*** PROVIDED INFORMATION ***

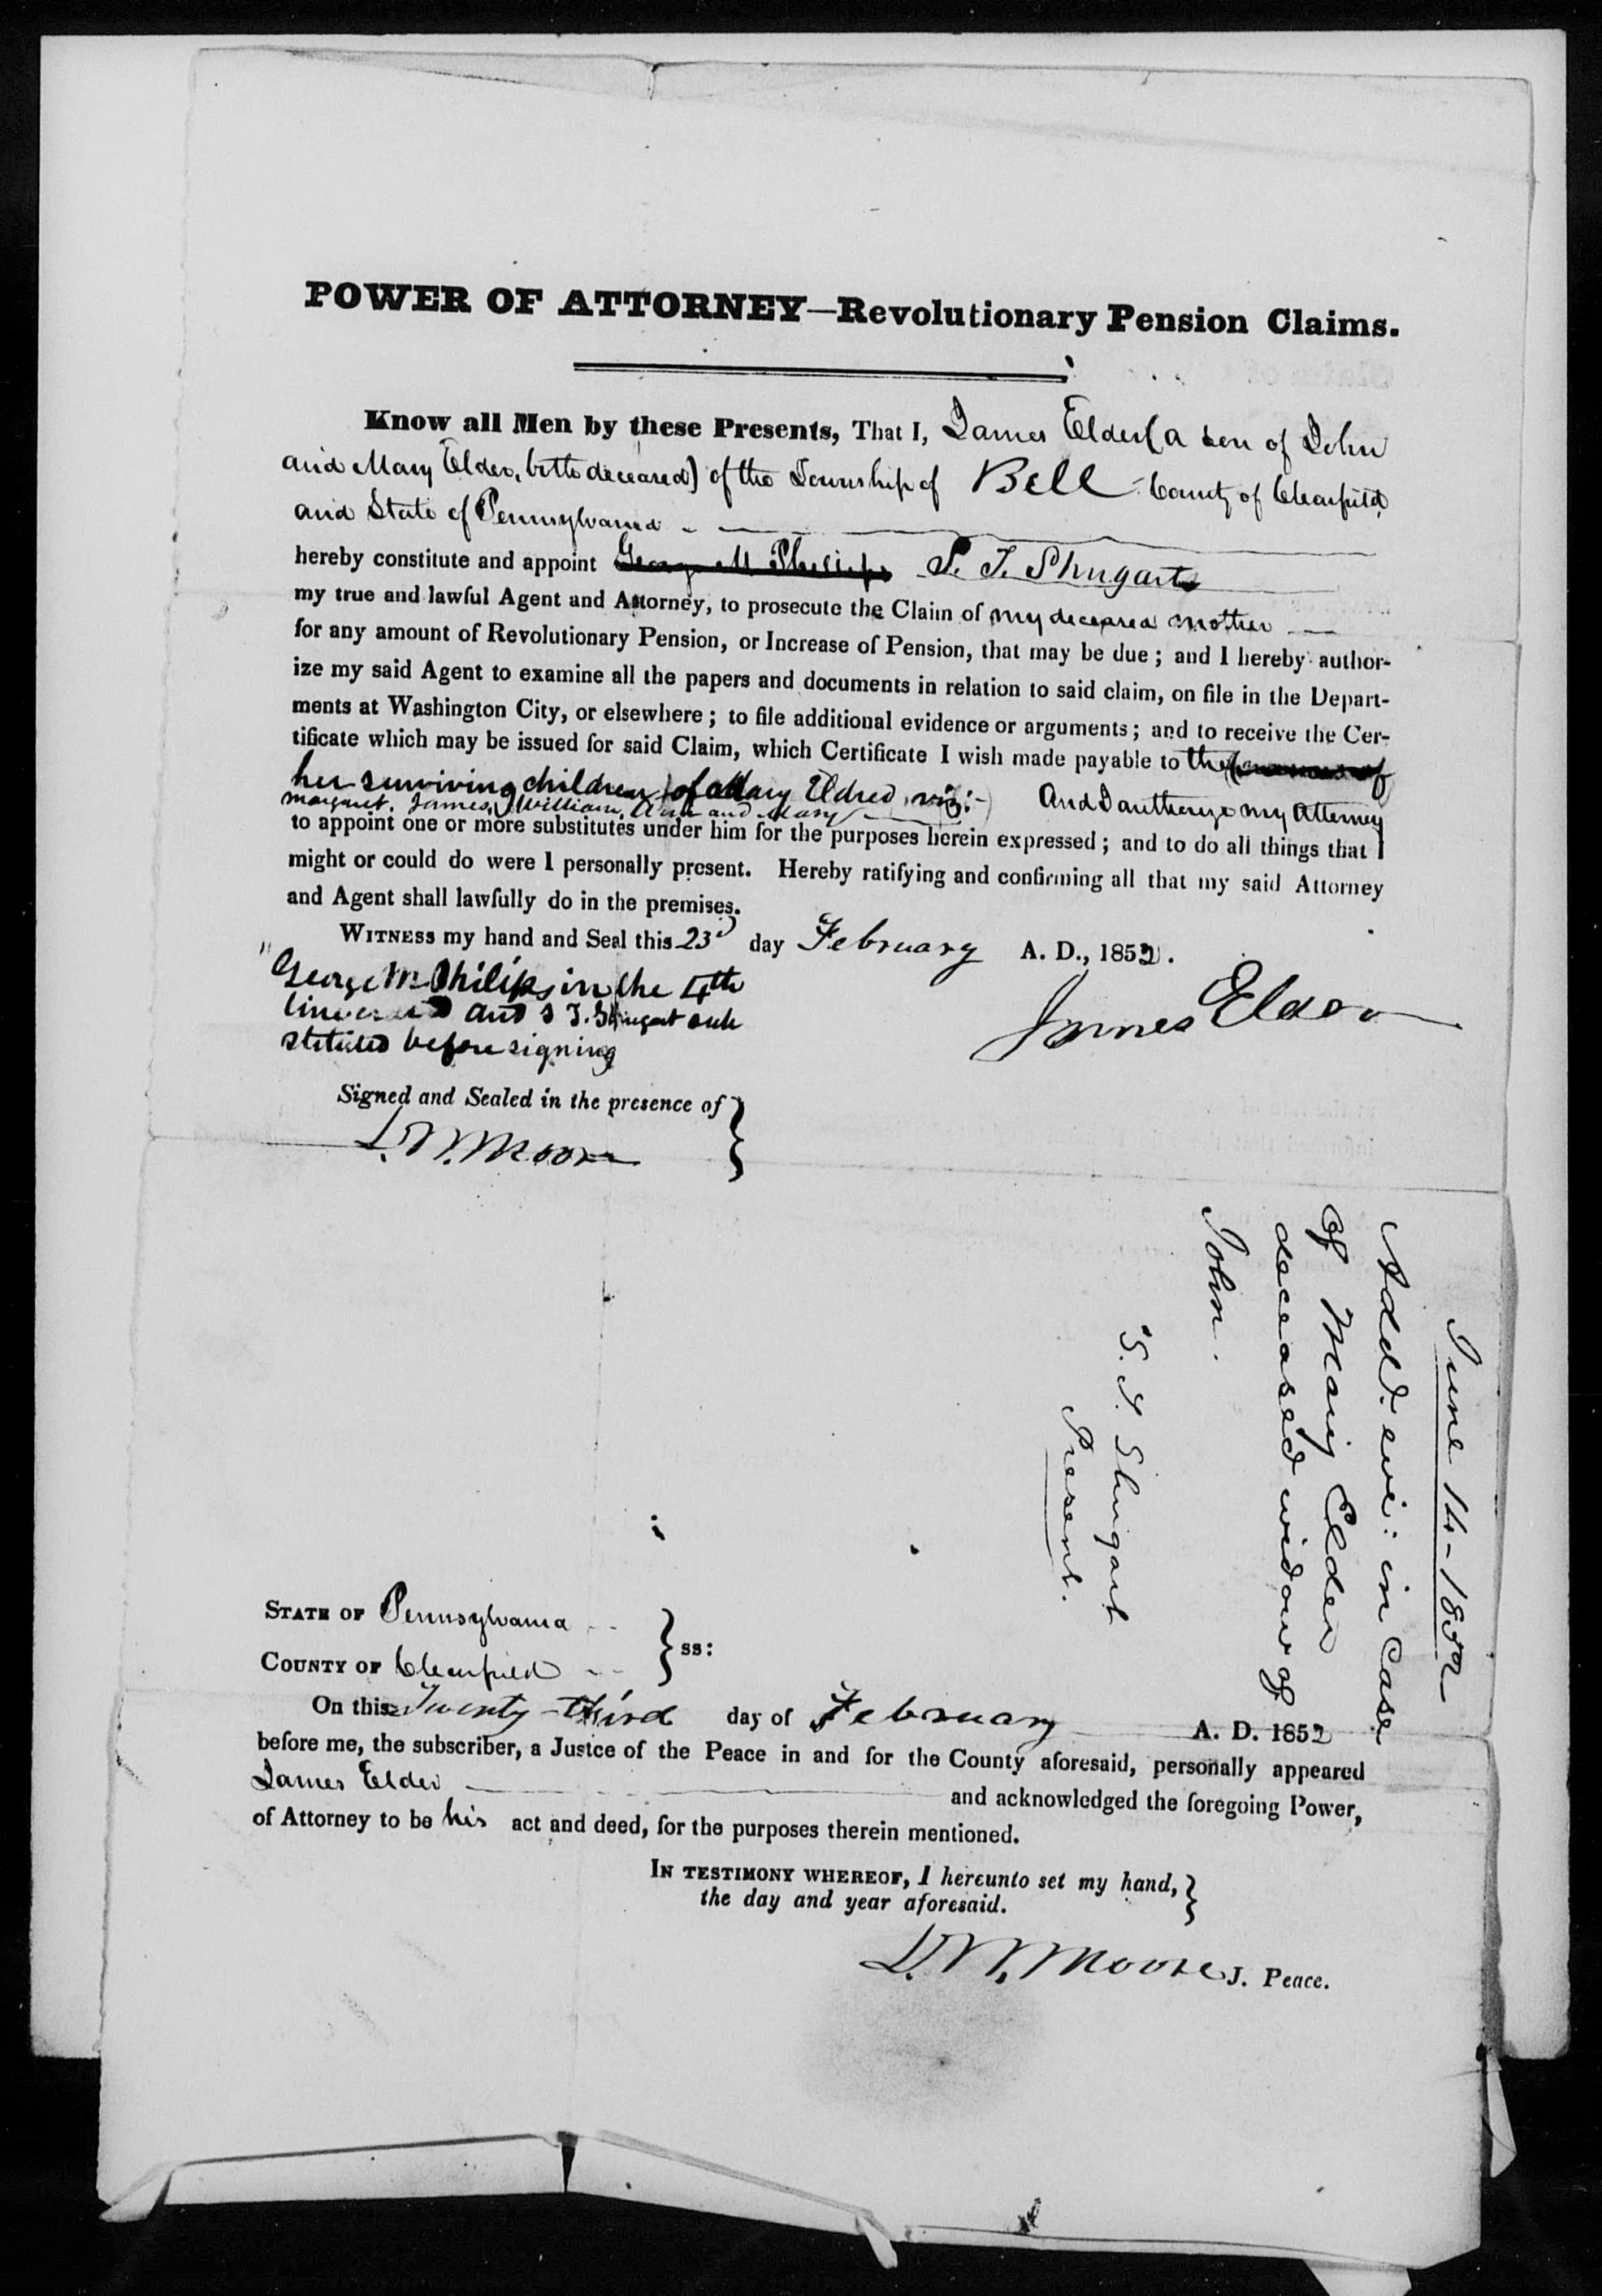POWER OF ATTORNEY - Revolutionary Pension Claims.
————————————————————————-
Know all Men by these Presents, That I, (a heir of John and Mary Elder)both deceased, of the Township of Bell, County of Clearfield, and State of Pennsylvania—————————————
Hereby constitute and appoint (name was crossed through) S.T. Shugart, My true and lawful Agent and Attorney, to prosecute the Claim of my deceased mother———-for any amount of Revolutionary Pension, or Increase of Pension, that may be due; and I hereby authorize my said Agent to examine all the papers and documents in relation to said claim, on file in the Departments at Washington City, or elsewhere; to file additional evidence or arguments; and to receive the Certificate which may be issued for said Claim, which Certificate I wish made payable to the (crossed out two words) her surviving children of Mary Elder viz: Margaret, James, William, (one name starts with a W and looks like it is a 4 letter name, possibly Wirn. It is handwritten on the form and is not very legible) and Mary———and authorize my attorney to appoint one or more substitutes under him for the purposes herein expressed; and to do all things that might or could do were I personally present.  Hereby ratifying and confirming all that my said Attorney and Agent shall lawfully do in the premises.
Witness my hand Seal this 25 day of February A.D.,  1852.                    James Elder
George M Philips in the 4th 
(Not legible) and ST. Shugart substituted before signing
Signed and Sealed in the presence of }
D.W. Moore
State of Pennsylvania }ss:
County Clearfield
On this twenty-third day of February.      A.D. 1852
Before me, the subscriber, a Justice of the Peace in and for the County aforesaid, personally appeared James Elder, ——————- acknowledged the foregoing Power, of Attorney to be his act and deed, for the purposes therein mentioned.
IN TESTIMONY WHEREOF, I hereunto set my hand} the day and year aforesaid
DW Moore J. Peace
————————————————————————-
(Above this last paragraph, was a handwritten note that was as follows vertical on right side of page)
June 11. 1852
————————
Addl. EvI. In case of Mary Elder deceased widow of John.
ST Shugart
Present
—————-

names: D W Moore, S T Shugart, S T Shugart, D W Moore, Mary, S T Shugart, James Elder, George M Phillips, John Elder, Mary Eldred, Ann, John Elder, William, James Elder, Margaret, George M Philips, Mary Elder, James Elder, Mary Elder, James
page: 13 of 80
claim: widow's
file: W. 24117, John Elder, Penn.

*** End of PROVIDED INFORMATION ***

*EXERCISE BRIEF*
If a line above holds the word "George", copy it.

*WRITTEN ANSWER*
George M Philips in the 4th 
names: D W Moore, S T Shugart, S T Shugart, D W Moore, Mary, S T Shugart, James Elder, George M Phillips, John Elder, Mary Eldred, Ann, John Elder, William, James Elder, Margaret, George M Philips, Mary Elder, James Elder, Mary Elder, James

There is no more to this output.